Start of The records
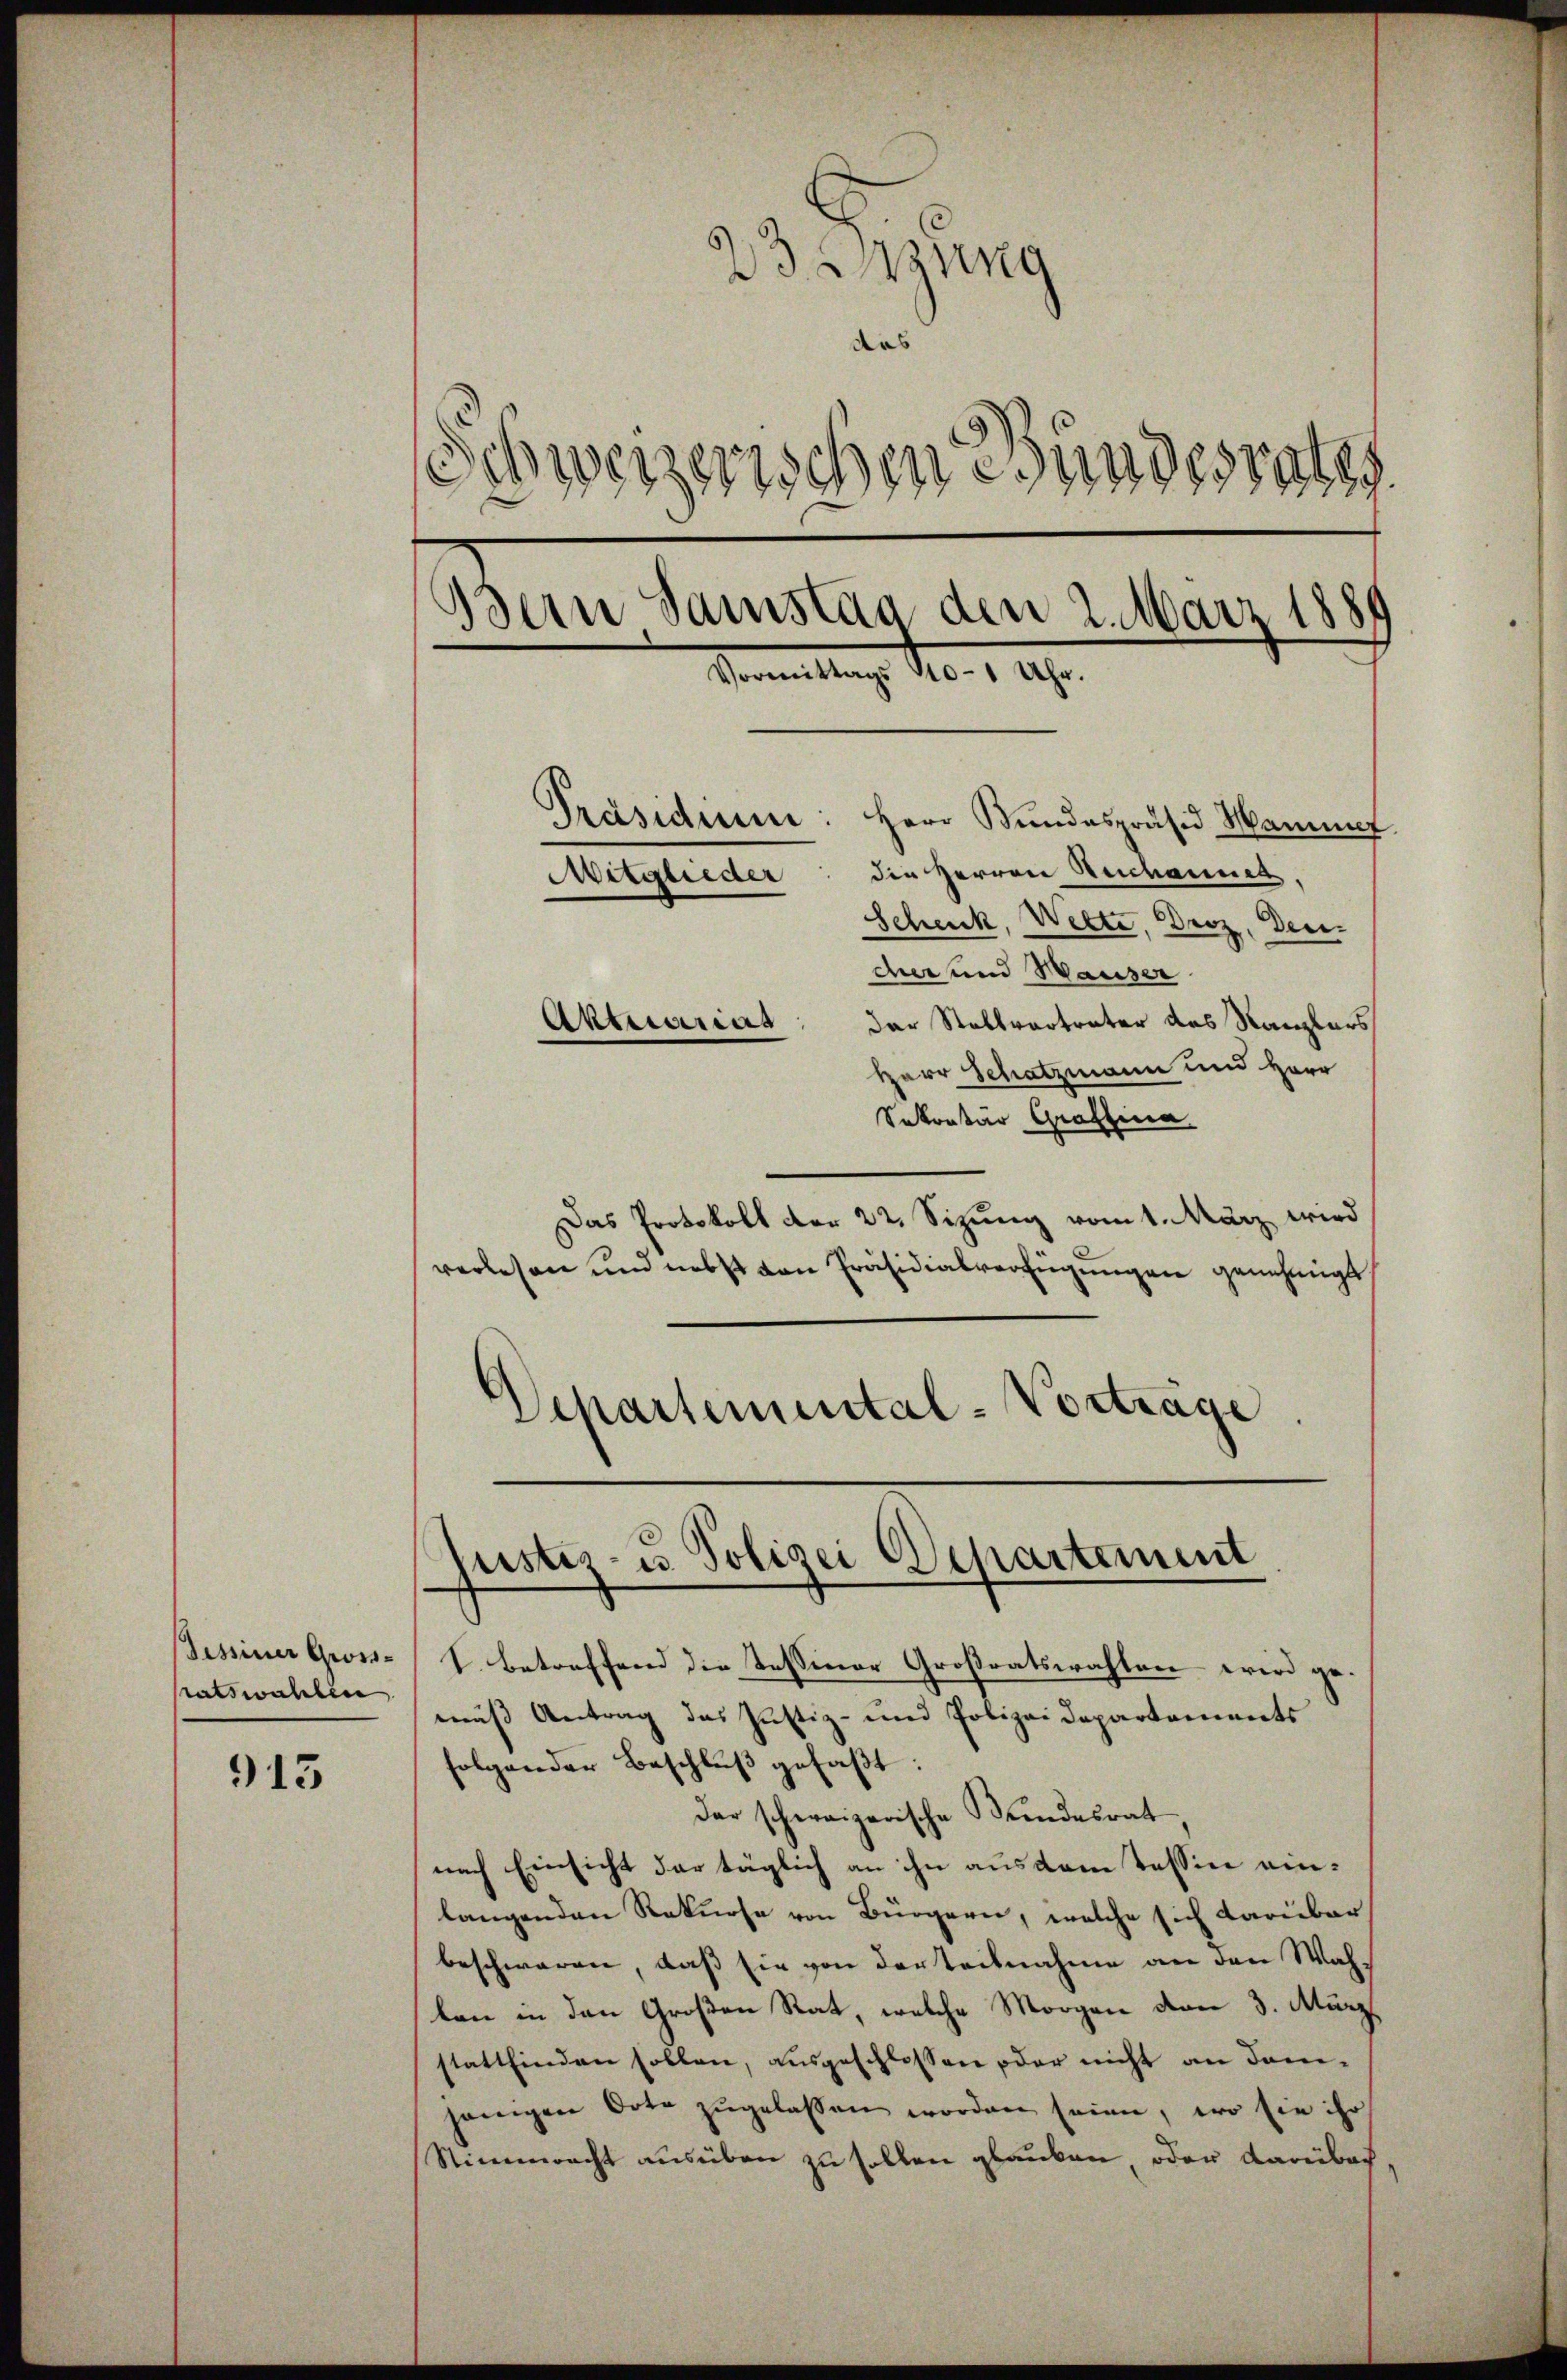
913

Sessiner Gross-
sratswahlen.

23 anzung
des
Schweizerischen esundesrates
Bern Samstag, den 2. März 1889
de
mittags 110 - 1 Uhr.
Präsidium
Herr Mundespräsid Hammer
Mitglieder: die Herren Rechannes.
Schenk, Welte, Derz, Deu
der und Waiser
der Stellvertreter des Kanzlers
Aktuariat
Herr Schatzmann und Herr

Sekretar Graffina
Das Protokoll der 22. Sizung vom 1. März wird
verlesen und nebst von Präsidialverfügungen genehmigt,
Departemental-Vorträge.

justiz- u. Polizei Departement

I. Betreffend die Tessiner Großratswahlen – wird gemus Antrag das Justiz- und Polizei Departements
folgender Beschlŭβ gefaßt:
der schweizerische Kindesrat
nach Einsicht der täglich an ihn aus dem tessin einlangenden Rekurse von Bürgern, welche sich darüber
beschwaren, daß sie von der Teilnahme an den Wahlen in den Großen Rat, welche Morgen von 3. März
stattfinden sollen, ausgeschlossen oder nicht an domijenigen Orte zŭgelassen worden seien, wo sie ihr
Stimmrecht ausüben zu sollen glauben, oder darübers
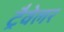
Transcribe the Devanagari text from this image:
ट्रैवेलर
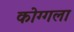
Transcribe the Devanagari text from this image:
कोग्गला
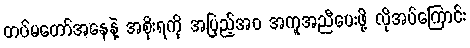
တပ်မတော်အနေနဲ့ အစိုးရကို အပြည့်အ၀ အကူအညီပေးဖို့ လိုအပ်ကြောင်း
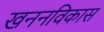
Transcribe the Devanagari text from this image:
खननविकास
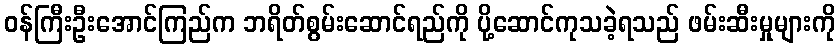
ဝန်ကြီးဦးအောင်ကြည်က ဘရိတ်စွမ်းဆောင်ရည်ကို ပို့ဆောင်ကုသခဲ့ရသည် ဖမ်းဆီးမှုများကို
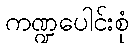
ကဏ္ဍပေါင်းစုံ
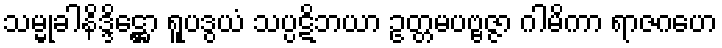
သမ္မုခါနိဒ္ဒိဋ္ဌော ရူပဒွယံ သပ္ပဋိဘယာ ဥတ္တမပဗ္ဗဇ္ဇာ ဂါမိကာ ရာဇဂဟေ
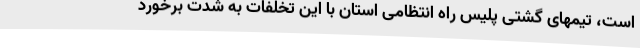
است، تیمهای گشتی پلیس راه انتظامی استان با این تخلفات به شدت برخورد
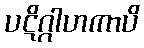
ပဋိဂ္ဂါဟကာပိ
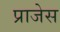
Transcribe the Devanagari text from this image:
प्राजेस
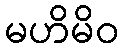
မဟိမိဝ
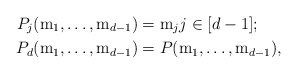
\begin{align*}P_{j}({\rm m}_1, \ldots, {\rm m}_{d-1})&={\rm m}_j j\in[d-1]; \\P_{d}({\rm m}_1, \ldots, {\rm m}_{d-1})&=P({\rm m}_1, \ldots, {\rm m}_{d-1}),\end{align*}
End of The records
Work order: Wherever the string "Polizei" appears in the listing above, show the whole line.

Written reply:
justiz- u. Polizei Departement
I. Betreffend die Tessiner Großratswahlen – wird gemus Antrag das Justiz- und Polizei Departements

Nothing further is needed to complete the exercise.